Serum and urine hydroxytyrosol concentrations is the key biomarker for specifying adherence to Mediterranean diet. 51 However, we did not evaluate this biomarker due to inadequate budget. Thus, the mean of four 24-hours dietary records during the study was used to evaluate adherence to the diets. Different protocol in treatment of cancer might have an effect on nutritional status; though patients were stratified based on type of cancer. Additionally, in the current RCT blinding study participants or staff was impossible because of nutritional interventions. However, the outcome assessor was blinded to the group assignment.
Conclusion
This RCT indicated that the Mediterranean diet rich in energy, protein and EVOO could improve nutritional status, quality of life, inflammatory markers, and body composition in patients with colorectal cancer cachexia compared to the control group. It appears that the implementation of this diet is a decent strategy to decrease the risk of cachexia. This trial conducted on patients with colorectal cancer cachexia, therefore, generalization our finding to other type of cancer or cachexia should be done with cautious.
Supplemental Material
sj-docx-1-ict-10.1177_15347354231195322 – Supplemental material for The Effect of Mediterranean Diet on Body Composition, Inflammatory Factors, and Nutritional Status in Patients with Cachexia Induced by Colorectal Cancer: A Randomized Clinical Trial
Supplemental material, sj-docx-1-ict-10.1177_15347354231195322 for The Effect of Mediterranean Diet on Body Composition, Inflammatory Factors, and Nutritional Status in Patients with Cachexia Induced by Colorectal Cancer: A Randomized Clinical Trial by Amir Bagheri, Farzaneh Asoudeh, Saied Rezaei, Mohammad Babaei and Ahmad Esmaillzadeh in Integrative Cancer Therapies
Footnotes
Author Contributions
AB, SR, MB, and AE contributed to the design of the work. AB and FA wrote the manuscript. AE and MB critically reviewed the manuscript and validated the procedure. The final manuscript was read and approved by all authors.
Availability of Data and Materials
The raw data can be made available by request to the corresponding author.
Declaration of Conflicting Interests
The author(s) declared the following potential conflicts of interest with respect to the research, authorship, and/or publication of this article: More than half of the extra virgin olive oil was provided by the Jalalat Exir Olive Oil Company free of charge.
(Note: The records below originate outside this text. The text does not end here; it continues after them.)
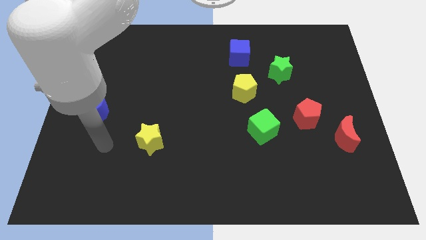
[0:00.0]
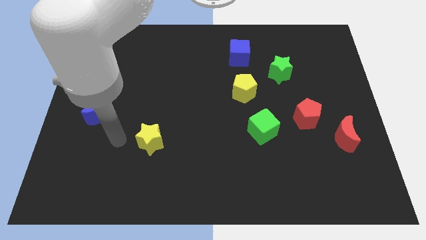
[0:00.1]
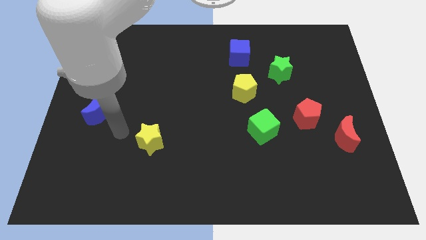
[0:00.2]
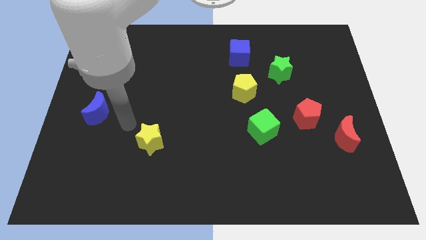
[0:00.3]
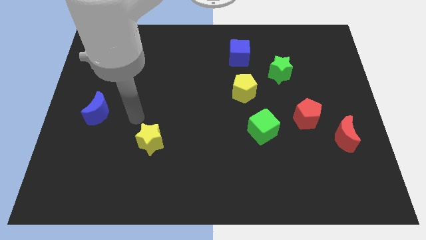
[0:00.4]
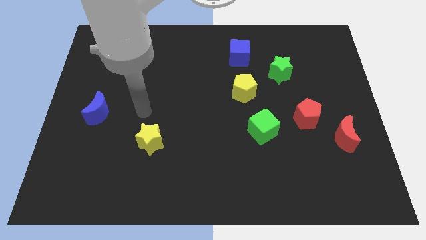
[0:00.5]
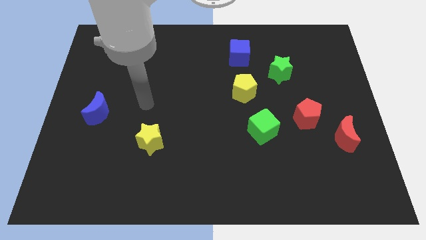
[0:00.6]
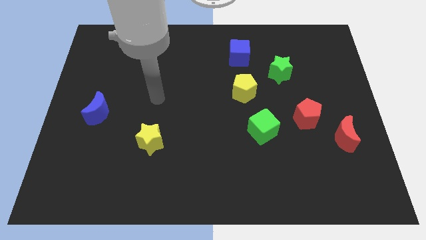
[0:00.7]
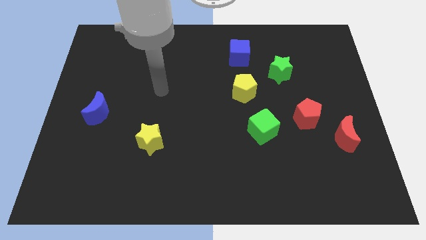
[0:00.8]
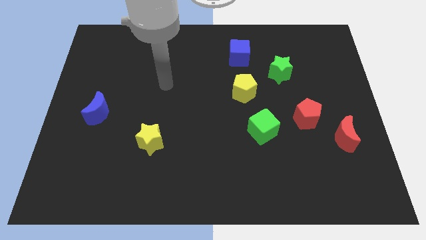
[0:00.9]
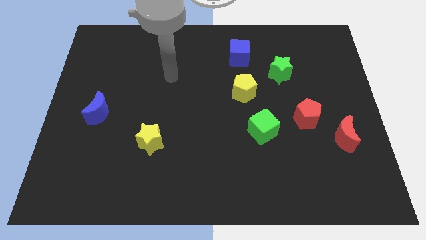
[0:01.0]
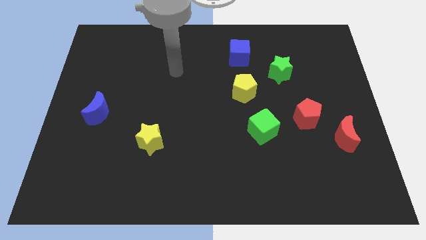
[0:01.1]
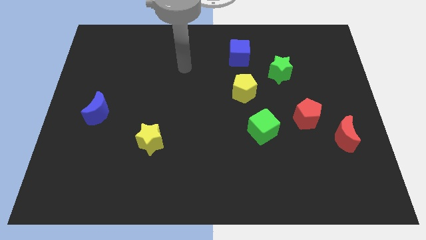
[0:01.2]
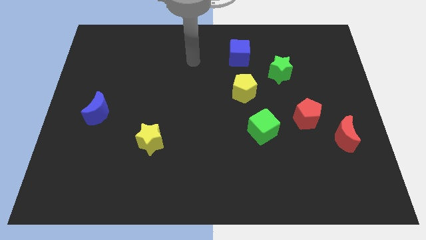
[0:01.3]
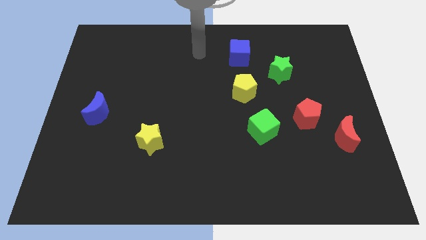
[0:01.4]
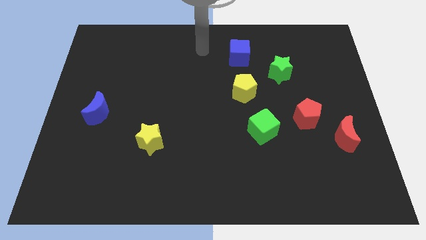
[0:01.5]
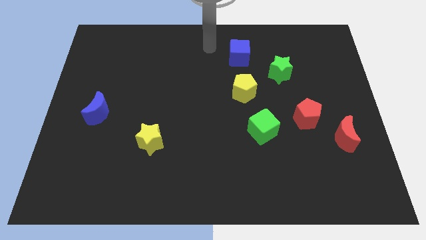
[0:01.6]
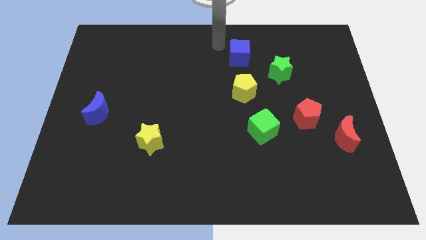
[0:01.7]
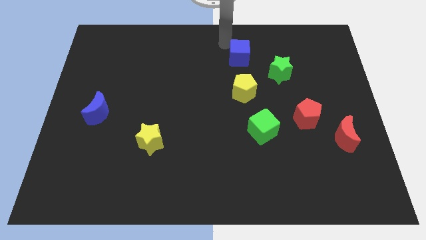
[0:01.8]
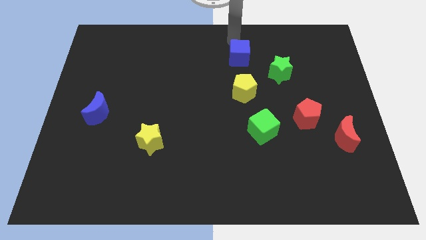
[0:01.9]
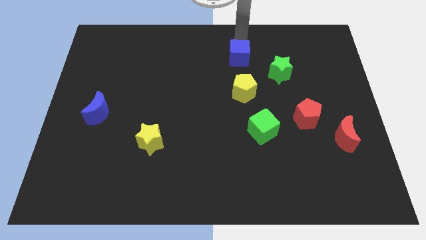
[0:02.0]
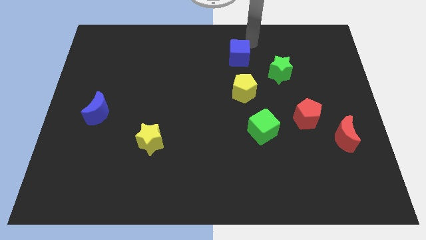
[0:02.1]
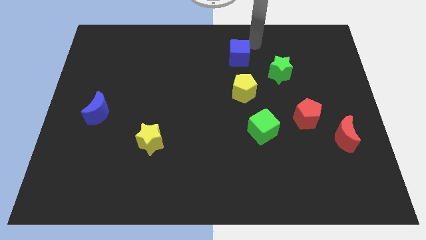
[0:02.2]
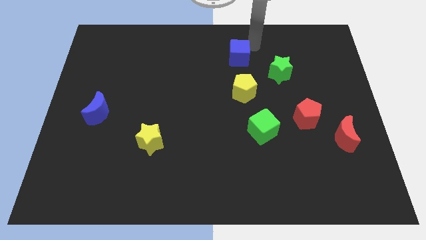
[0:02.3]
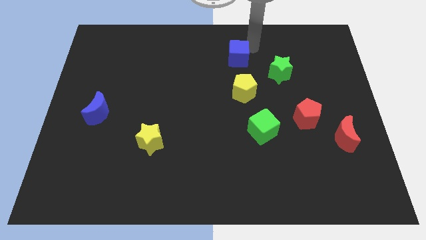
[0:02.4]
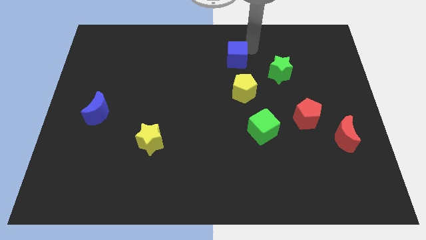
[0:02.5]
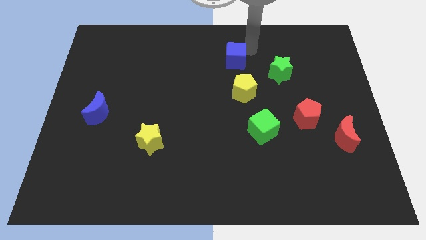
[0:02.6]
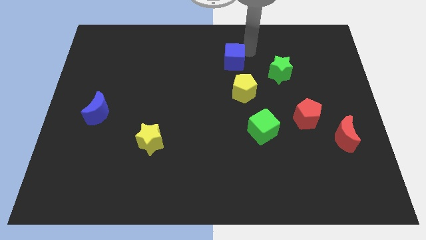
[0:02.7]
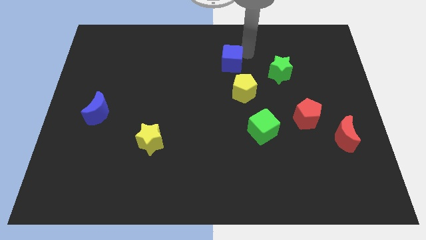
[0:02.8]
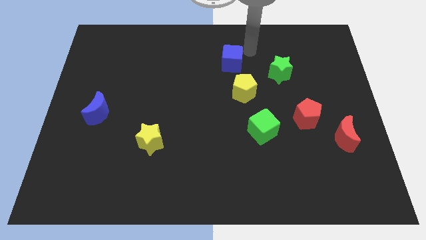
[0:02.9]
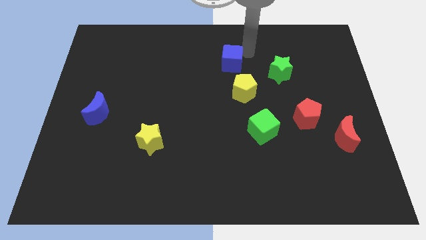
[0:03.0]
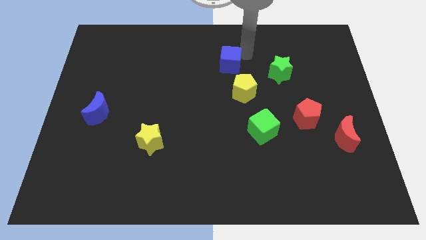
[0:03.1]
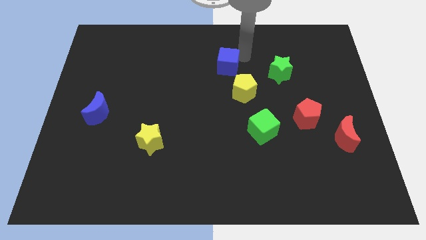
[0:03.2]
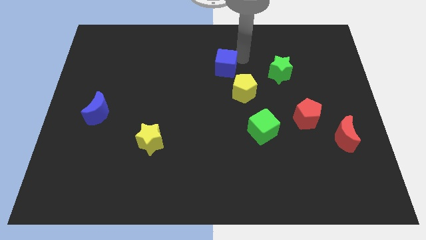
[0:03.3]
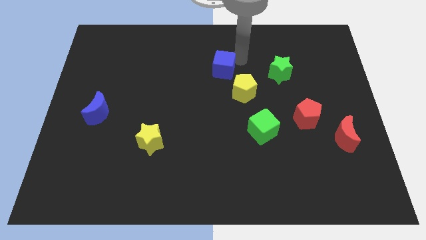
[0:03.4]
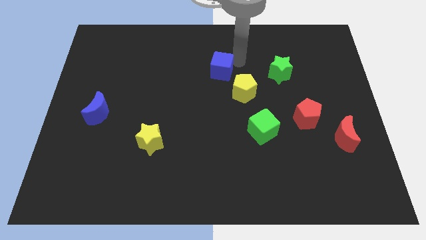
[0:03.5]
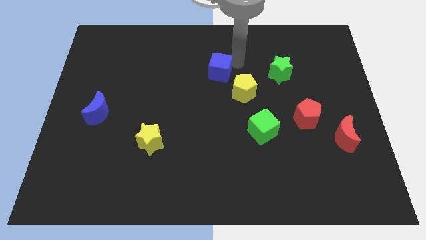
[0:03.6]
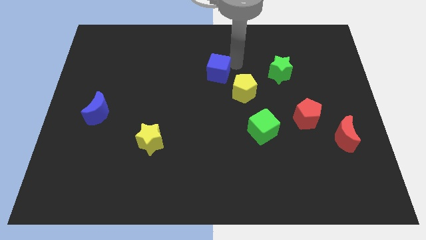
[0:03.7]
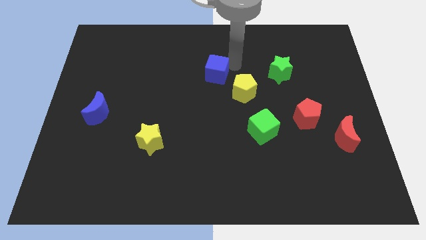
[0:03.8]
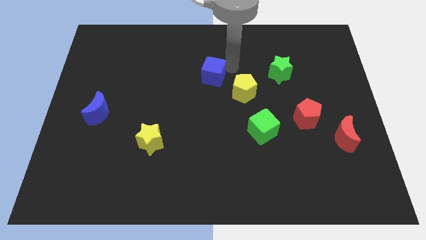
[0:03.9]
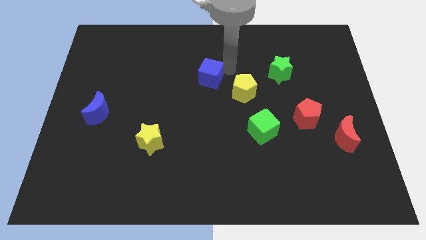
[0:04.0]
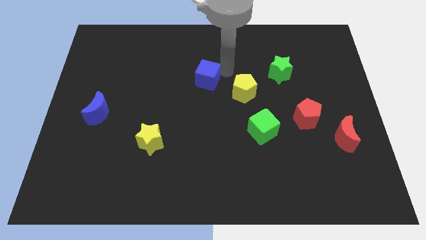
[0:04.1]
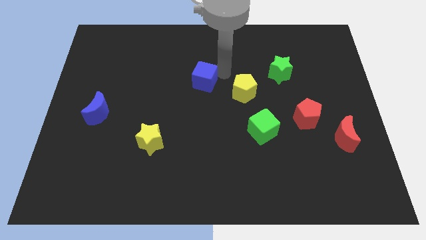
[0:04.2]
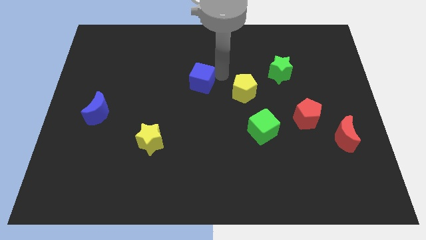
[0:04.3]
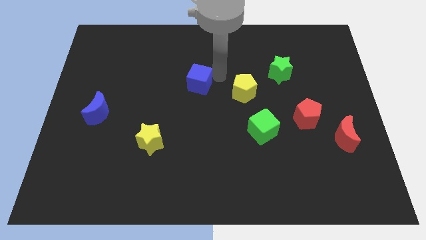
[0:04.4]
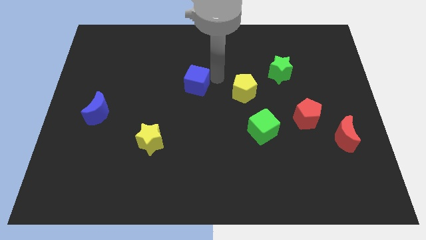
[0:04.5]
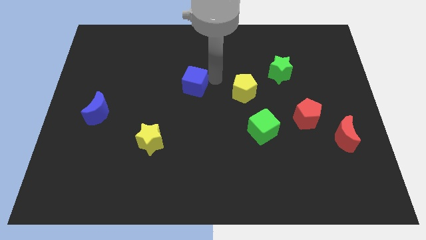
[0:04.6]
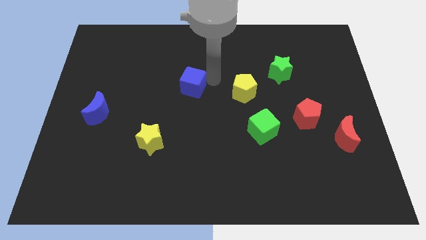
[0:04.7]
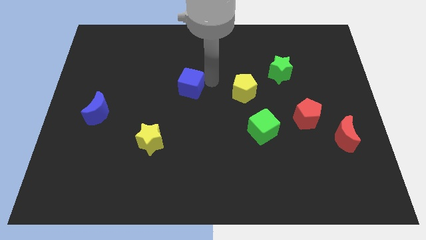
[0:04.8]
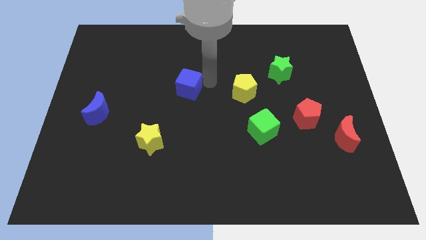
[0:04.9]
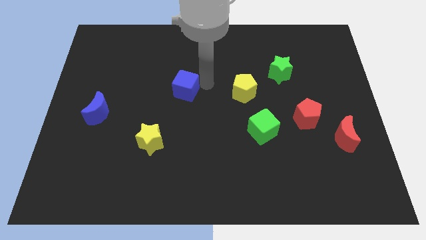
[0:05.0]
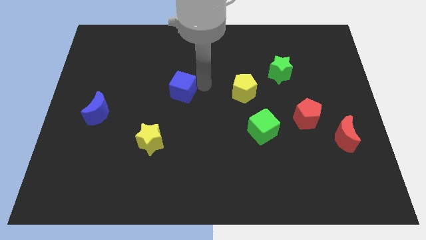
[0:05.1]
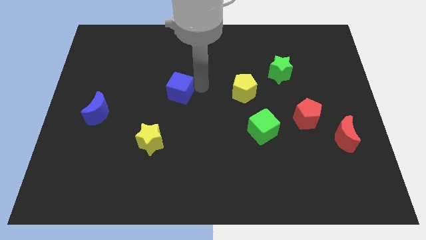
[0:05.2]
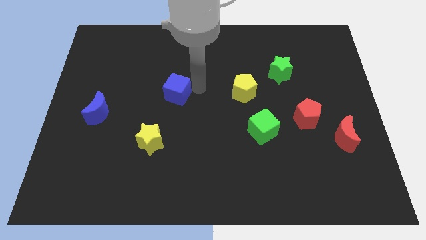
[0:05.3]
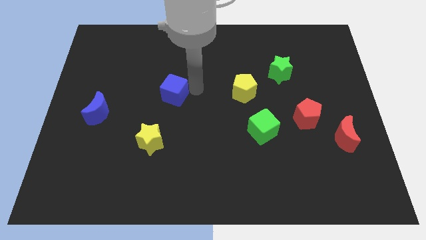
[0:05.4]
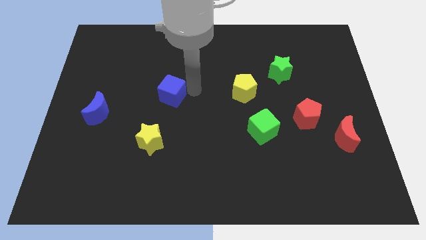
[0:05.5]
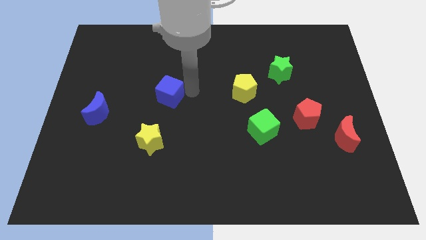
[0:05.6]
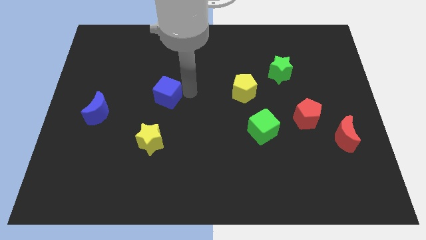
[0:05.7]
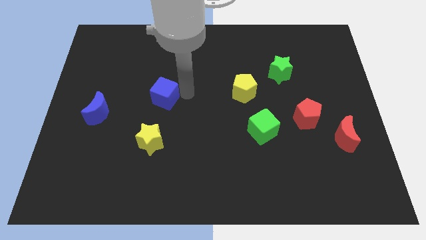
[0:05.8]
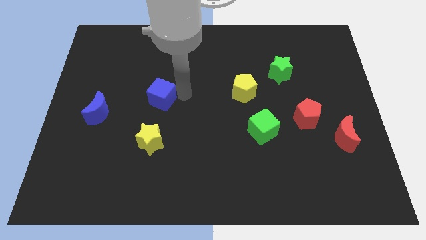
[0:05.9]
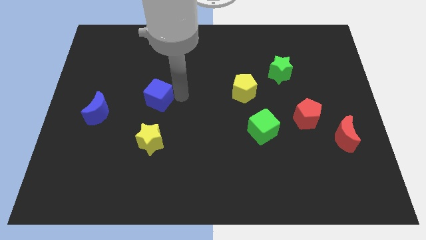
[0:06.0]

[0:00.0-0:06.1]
put the blue cube to the right side of the blue moon

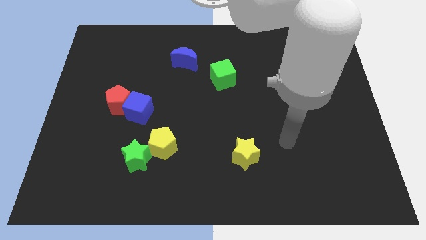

For the remaining oil, the company received 50% of the oil price in the marketplace from Tehran University of Medical Sciences. However, this company did not contribute to the study project, intervention, procedures, evaluation, collection, data processing, or writing the manuscript.
Funding
The author(s) disclosed receipt of the following financial support for the research, authorship, and/or publication of this article: This study was financially supported by Tehran University of Medical Sciences, Tehran, Iran (Grant number: 1400-2-212-54107). The Jalalat Exir Olive Oil Company provided extra virgin olive oils in a reduced price. The funders had no role in the trial procedures, intervention, and data processing.
Ethics Statement
This study was approved by the Ethic Committee of Tehran University of Medical Sciences (IR.TUMS.MEDICINE.REC.1400.601) on September 01 2021.
Informed Consent Statement
All patients were read the terms and conditions in the consent form before the study. Patients wishing to participate gave written informed consent.
Supplemental Material
Supplemental material for this article is available online.